Макгиверн Уильям Питер

Уильям Питер Макгиверн

Уильям Питер Макгиверн
William Peter McGivern
December 6, 1918-Chicago, Illinois, USA / November 18, 1982 (age 63)-Palm Desert, California, USA
American novelist and screenplay writer
United States

Bio
William P. McGivern was born in Chicago, but grew up in Mobile, Alabama. His father was the son of a farmer, and mother, Julia Costello, a dress-maker, who had a shop, Madame Julia's, in Chicago. After quitting high school McGivern started to write. He worked at the Pullman Company and read on his spare time such authors as Hemingway, Fitzgerald, and Hawthorne. In 1940 his works were published in Amazing Stories, Short Stories, etc. From 1943 to 1946 he served in the U.S. Army as a line sergeant and won the Soldier's Medal - he jumped on a bombed tanker and opened the valves to release the gas inside, thereby saving its trapped crew.
Before returning to the United States he studied at the University of Birmingham.

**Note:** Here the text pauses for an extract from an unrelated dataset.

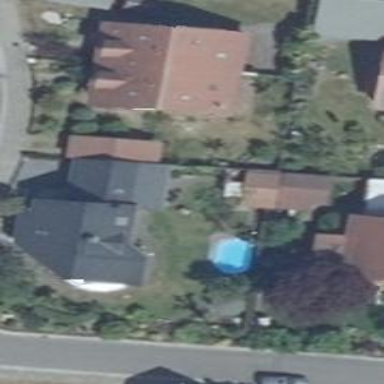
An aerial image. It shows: Swimming pool located in leisure land.

McGivern left the service in January 1946, and worked then for two years as a police reporter for the Philadelphia Bulletin. Between the years 1949 and 1951 McGivern was a reporter and reviewer in Evening Bulletin in Philadelphia. His first novel, But Death Runs Faster, appeared in 1948. It was was followed by several other hard-boiled novels. McGivern shared an Edgar 1954 because he wrote the novel that was the basis of The Big Heat, the winner in the MWA's "Best Motion Picture" catagory that year. He served as president of the Mystery Writers of America in 1980. He also taught creative writing at the University of North Carolina. He married the writer Maureen Daly in 1948.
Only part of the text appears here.